1. A position tuning structure, which comprises:

a holding tube having a first side hole extending through a wall of the holding tube;

a nut locating in the holding tube and connecting to the wall of the holding tube, wherein the nut having a through hole corresponding to the first side hole of the holding tube such that the through hole and the first side hole share a common opening;

a tuning element threadedly engaged in the common opening;

an elastic rod locating in the holding tube and connecting to the tuning element;

a first supporting element locating in the holding tube and contacting to the elastic rod; and

an elastic element locating in the holding tube and connecting to the first supporting element such that the first supporting element locates between the elastic rod and the elastic element.

2. The position tuning structure as claimed in claim 1, wherein the tuning element is a screw.

3. The position tuning structure as claimed in claim 1, wherein the elastic element is a spring.

4. The position tuning structure as claimed in claim 1, wherein the elastic rod is made of rubber.

5. The position tuning structure as claimed in claim 1, further comprising a second supporting element locating in the holding tube and connecting to the elastic element, such that the elastic element is locating between the first supporting element and the second supporting element.

6. The position tuning structure as claimed in claim 1, wherein the holding tube further comprises a second side hole extending through the wall of the holding tube, such that the first supporting element protrudes from the holding tube through the second side hole of the holding tube.

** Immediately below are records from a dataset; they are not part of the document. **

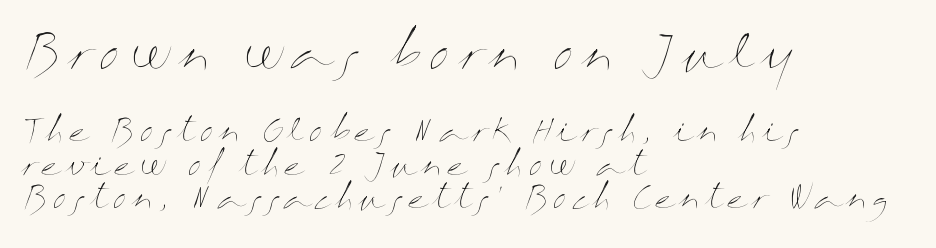
Stem width sits at or under what a default text font uses. The earlier block is typeset at a bigger size than the later block. The rendering uses natural spacing where letterforms have individual widths.
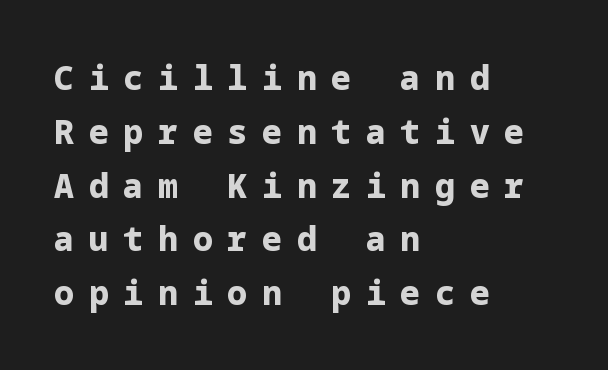
{"serif": "no", "italic": "no", "bold": "yes", "weight": "bold", "width": "normal", "stroke_contrast": "low", "x_height": "medium", "underline": "no", "align": "left", "line_spacing": "normal", "line_spacing_ratio": 1.63, "letter_spacing": "wide", "letter_spacing_em": 0.45, "glyph_px": 33}
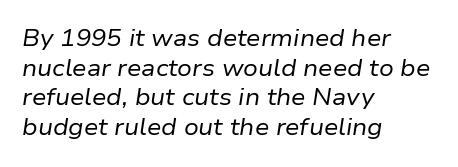
Here the glyphs are tracked normally, forming tight word shapes. Interline gaps are of average width in this sample. Underlining? Definitely not there. Nothing heavy about these letters — not bold at all. A student would call this left alignment; a typographer would say flush left, rag right.
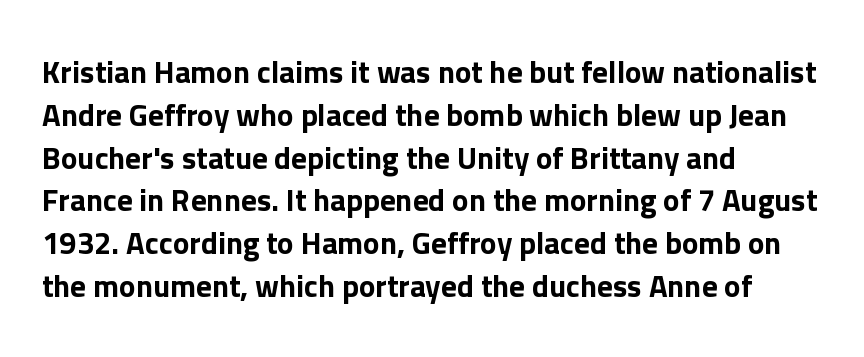
The image shows 31 px sans-serif type, upright; set left-aligned, normal line spacing (1.38x), normal letter spacing, not underlined; low stroke contrast and a medium x-height.
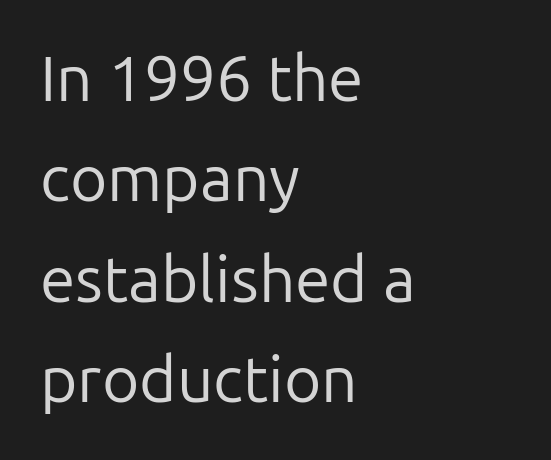
The image shows 64 px regular-weight sans-serif type, upright; set left-aligned, normal line spacing (1.57x), normal letter spacing, not underlined; low stroke contrast and a medium x-height.
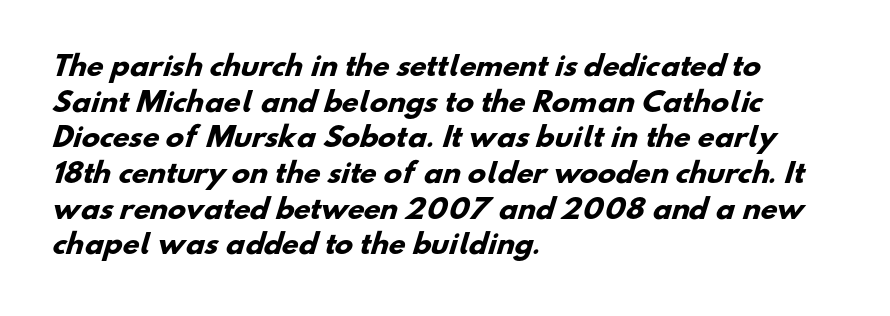
{"bold": "yes", "underline": "no", "align": "left", "line_spacing": "normal", "line_spacing_ratio": 1.32, "letter_spacing": "normal", "letter_spacing_em": 0.0, "glyph_px": 27}

7. An adjustable optical film device comprising:

a frame having a position tuning structure connecting to a side of the frame and a plurality of holding elements setting at the two opposite sides of the frame; and

an optical film held by the frame;

wherein the position tuning structure comprises: a holding tube, which has a first side hole extending through a wall of the holding tube; a nut locating in the holding tube and connecting to the wall of the holding tube, wherein the nut having a through hole corresponding to the first side hole of the holding tube such that the through hole and the first side hole share a common opening; a tuning element threadedly engaged in the common opening; an elastic rod locating in the holding tube and connecting to the tuning element; a first supporting element locating in the holding tube and contacting to the elastic rod; and an elastic element locating in the holding tube and connecting to the first supporting element such that the first supporting element locates between the elastic rod and the elastic element.

8. The adjustable optical film device as claimed in claim 7, wherein the holding tube further comprises a second side hole extending through the wall of the holding tube, and the first supporting element connects with the frame through the second side hole of the holding tube.

9. The adjustable optical film device as claimed in claim 7, wherein at least one of the plurality of holding elements connects with the position tuning structure.

10. The adjustable optical film device as claimed in claim 7, wherein the tuning element is a screw.

11. The adjustable optical film device as claimed in claim 7, wherein the elastic element is a spring.

12. The adjustable optical film device as claimed in claim 7, wherein the elastic rod is made of rubber.

13. The adjustable optical film device as claimed in claim 7, further comprising a second supporting element locating in the holding tube and connecting to the elastic element, such that the elastic element locates between the first supporting element and the second supporting element.